Our plan of operations for the next twelve months is to complete the following objectives within the time periods specified, subject to our obtaining the funding necessary for the continued exploration of our optioned mineral claims:

1.

We intend to proceed with phase two of a recommended exploration program. At present we estimate that a phase two program would cost approximately CDN$18,500 to CDN$21,800 (US$15,948 to US$18,793 based on the exchange rate of US$1.00:CDN$1.160 on JULY 9, 2009). We plan to complete phase two in July 2009.

2.

Upon completion of phase two, our Board of Directors will make a determination whether to proceed with the third phase of the recommended work program, which is currently estimated to cost approximately CDN$87,000 to CDN$115,000 (US$75,000 to US$99,137 based on the exchange rate of US$1.00:CDN$1.160 on July 9, 2009).

3.

We anticipate spending approximately $20,000 for management and consulting services and $60,000 in ongoing general and administrative expenses for the next twelve months. Our general and administrative expenses for the year will consist primarily of professional fees for the audit and legal work relating to our regulatory filings throughout the year, as well as transfer agent fees, annual prospect lease fees, management fees and general office expenses.

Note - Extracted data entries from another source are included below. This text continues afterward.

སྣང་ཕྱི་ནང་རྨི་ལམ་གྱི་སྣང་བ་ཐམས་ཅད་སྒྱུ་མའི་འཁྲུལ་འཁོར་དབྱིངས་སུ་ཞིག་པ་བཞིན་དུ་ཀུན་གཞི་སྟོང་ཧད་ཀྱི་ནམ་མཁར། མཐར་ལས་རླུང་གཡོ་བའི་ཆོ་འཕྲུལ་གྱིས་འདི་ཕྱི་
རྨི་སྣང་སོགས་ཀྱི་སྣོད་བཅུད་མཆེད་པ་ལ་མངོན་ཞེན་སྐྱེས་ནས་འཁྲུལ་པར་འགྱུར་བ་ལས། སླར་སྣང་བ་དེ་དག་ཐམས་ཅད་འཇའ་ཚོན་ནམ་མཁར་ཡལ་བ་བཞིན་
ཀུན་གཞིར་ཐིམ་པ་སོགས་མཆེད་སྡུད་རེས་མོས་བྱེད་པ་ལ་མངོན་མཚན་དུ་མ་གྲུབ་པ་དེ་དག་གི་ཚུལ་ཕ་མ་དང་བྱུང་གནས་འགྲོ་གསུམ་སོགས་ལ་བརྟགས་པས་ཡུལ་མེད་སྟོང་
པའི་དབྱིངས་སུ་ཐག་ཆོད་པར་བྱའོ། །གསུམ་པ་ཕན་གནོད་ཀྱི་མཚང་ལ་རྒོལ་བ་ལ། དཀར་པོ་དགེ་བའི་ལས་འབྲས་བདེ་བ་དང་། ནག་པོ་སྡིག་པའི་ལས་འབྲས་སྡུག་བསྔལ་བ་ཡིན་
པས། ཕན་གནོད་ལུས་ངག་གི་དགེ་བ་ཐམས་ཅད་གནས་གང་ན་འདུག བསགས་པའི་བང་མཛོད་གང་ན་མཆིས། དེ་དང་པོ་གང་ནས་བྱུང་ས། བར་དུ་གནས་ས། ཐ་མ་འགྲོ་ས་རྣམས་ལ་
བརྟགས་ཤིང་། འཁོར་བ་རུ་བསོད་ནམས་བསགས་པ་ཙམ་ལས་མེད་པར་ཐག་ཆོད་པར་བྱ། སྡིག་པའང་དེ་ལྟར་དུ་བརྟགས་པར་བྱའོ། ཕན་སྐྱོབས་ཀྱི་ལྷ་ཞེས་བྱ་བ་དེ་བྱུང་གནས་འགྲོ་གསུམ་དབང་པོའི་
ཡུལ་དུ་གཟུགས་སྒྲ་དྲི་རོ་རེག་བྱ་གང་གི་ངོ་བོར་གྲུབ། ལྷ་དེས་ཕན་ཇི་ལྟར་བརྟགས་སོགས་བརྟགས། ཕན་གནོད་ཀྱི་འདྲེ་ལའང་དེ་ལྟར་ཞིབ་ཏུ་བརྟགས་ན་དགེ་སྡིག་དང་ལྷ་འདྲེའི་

As such, we estimate that our total expenditures over the next twelve months will be approximately $95,149 to $97,851. This estimate does not take into account estimated expenditures with respect to phase three of our exploration program, as this phase is contingent on the results of phase two and on our receipt of sufficient financing. If we were to complete phase two and three during the next twelve months, our total estimated expenditures for that period would be approximately $166,390 to $192,021. Subsequent to the quarter ended May 31, 2009, the Company entered into advisory agreements with each of Ian Foreman and Brian Roberts. The agreements call for cash payments of $10,000 over the next 4 months, which will be in addition to the estimated total Company expenditures over the next 12 months of $95,149-$97,851.

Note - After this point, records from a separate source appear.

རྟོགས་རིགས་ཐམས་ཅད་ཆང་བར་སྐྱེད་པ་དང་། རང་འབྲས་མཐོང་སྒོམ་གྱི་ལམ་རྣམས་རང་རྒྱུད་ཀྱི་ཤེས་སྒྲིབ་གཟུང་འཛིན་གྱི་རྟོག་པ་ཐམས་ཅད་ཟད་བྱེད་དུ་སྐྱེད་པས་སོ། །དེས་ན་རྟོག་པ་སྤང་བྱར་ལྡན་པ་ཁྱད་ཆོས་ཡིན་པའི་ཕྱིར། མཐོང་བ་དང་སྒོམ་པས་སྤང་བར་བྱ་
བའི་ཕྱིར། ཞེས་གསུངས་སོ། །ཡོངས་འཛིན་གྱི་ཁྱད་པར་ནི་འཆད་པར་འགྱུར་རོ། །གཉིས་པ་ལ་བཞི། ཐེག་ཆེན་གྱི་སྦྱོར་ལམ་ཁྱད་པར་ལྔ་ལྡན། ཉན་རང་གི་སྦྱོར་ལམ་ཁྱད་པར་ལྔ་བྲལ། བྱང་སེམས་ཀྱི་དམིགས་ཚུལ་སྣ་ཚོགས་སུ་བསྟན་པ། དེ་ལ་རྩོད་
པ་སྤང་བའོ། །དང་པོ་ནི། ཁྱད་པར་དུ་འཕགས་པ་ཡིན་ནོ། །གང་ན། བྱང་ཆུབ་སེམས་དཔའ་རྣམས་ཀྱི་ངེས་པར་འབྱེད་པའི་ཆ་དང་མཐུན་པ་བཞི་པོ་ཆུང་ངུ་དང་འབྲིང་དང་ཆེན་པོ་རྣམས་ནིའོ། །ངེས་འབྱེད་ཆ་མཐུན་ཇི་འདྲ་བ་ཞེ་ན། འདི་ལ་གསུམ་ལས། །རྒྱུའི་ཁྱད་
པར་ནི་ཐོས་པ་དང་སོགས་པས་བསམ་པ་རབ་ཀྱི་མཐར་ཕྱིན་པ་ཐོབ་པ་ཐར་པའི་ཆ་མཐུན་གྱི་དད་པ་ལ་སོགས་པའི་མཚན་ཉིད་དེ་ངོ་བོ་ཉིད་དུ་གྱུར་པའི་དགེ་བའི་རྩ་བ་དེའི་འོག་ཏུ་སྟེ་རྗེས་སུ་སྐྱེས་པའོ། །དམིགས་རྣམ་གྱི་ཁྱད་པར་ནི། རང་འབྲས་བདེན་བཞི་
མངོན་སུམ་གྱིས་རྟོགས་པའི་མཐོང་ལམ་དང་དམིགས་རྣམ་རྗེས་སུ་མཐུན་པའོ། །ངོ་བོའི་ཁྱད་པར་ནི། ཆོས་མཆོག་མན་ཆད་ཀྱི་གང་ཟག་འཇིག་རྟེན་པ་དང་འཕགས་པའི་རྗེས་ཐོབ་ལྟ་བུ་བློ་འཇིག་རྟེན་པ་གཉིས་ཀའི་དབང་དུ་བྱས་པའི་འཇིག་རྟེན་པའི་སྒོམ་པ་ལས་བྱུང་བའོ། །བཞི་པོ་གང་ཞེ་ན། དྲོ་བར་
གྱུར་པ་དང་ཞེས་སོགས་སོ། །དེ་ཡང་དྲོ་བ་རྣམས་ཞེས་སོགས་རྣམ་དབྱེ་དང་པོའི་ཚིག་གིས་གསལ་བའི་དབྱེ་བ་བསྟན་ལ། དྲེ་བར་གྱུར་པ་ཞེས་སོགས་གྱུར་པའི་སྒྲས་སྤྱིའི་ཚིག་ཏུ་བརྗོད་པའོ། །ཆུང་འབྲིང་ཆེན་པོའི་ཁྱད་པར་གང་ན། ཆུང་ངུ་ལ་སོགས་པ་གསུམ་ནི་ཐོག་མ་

Based on the nature of our business, we anticipate incurring operating losses in the foreseeable future. We base this expectation, in part, on the fact that very few mineral claims in the exploration stage ultimately develop into producing and profitable mines. Our future financial results are also uncertain due to a number of factors, some of which are outside our control. These factors include, but are not limited to:

·

our ability to raise additional funding,

·

the market price for copper and gold,

·

the results of our proposed exploration programs on the mineral property, and

·

our ability to find joint venture partners for the development of our property interests.

Due to our lack of operating history and present inability to generate revenues, our auditors have stated in their report for our most recent fiscal year end that there exists substantial doubt about our ability to continue as a going concern. Even if we complete our current exploration program and it is successful in identifying a mineral deposit, we will have to spend substantial funds on further drilling and engineering studies before we will know if we have a commercially viable mineral deposit or reserve.



10





Financial Condition

At May 31, 2009, we had cash of $ 2,106 and a negative working capital position of $103,452. We estimate that our total expenditures over the next twelve months will be approximately $95,149 to $97,851, as outlined above under the heading “Plan of Operations”. This estimate does not take into account estimated expenditures with respect to phase three of our exploration program, as this phase is contingent on the results of phase two and on our receipt of sufficient financing. If we were to complete phase two and three during the next twelve months, our total estimated expenditures for that period would be approximately $166,390 to $192,021. Subsequent to May 31, 2009, the Company entered into two consulting agreements. The agreements are each for a term of one year, and as consideration the Company will grant warrants to purchase a total of 1,500,000 shares of common stock at an exercise price of $0.05 per share. The warrants vest over a 12 month period at 25% on each three month anniversary of the date of grant.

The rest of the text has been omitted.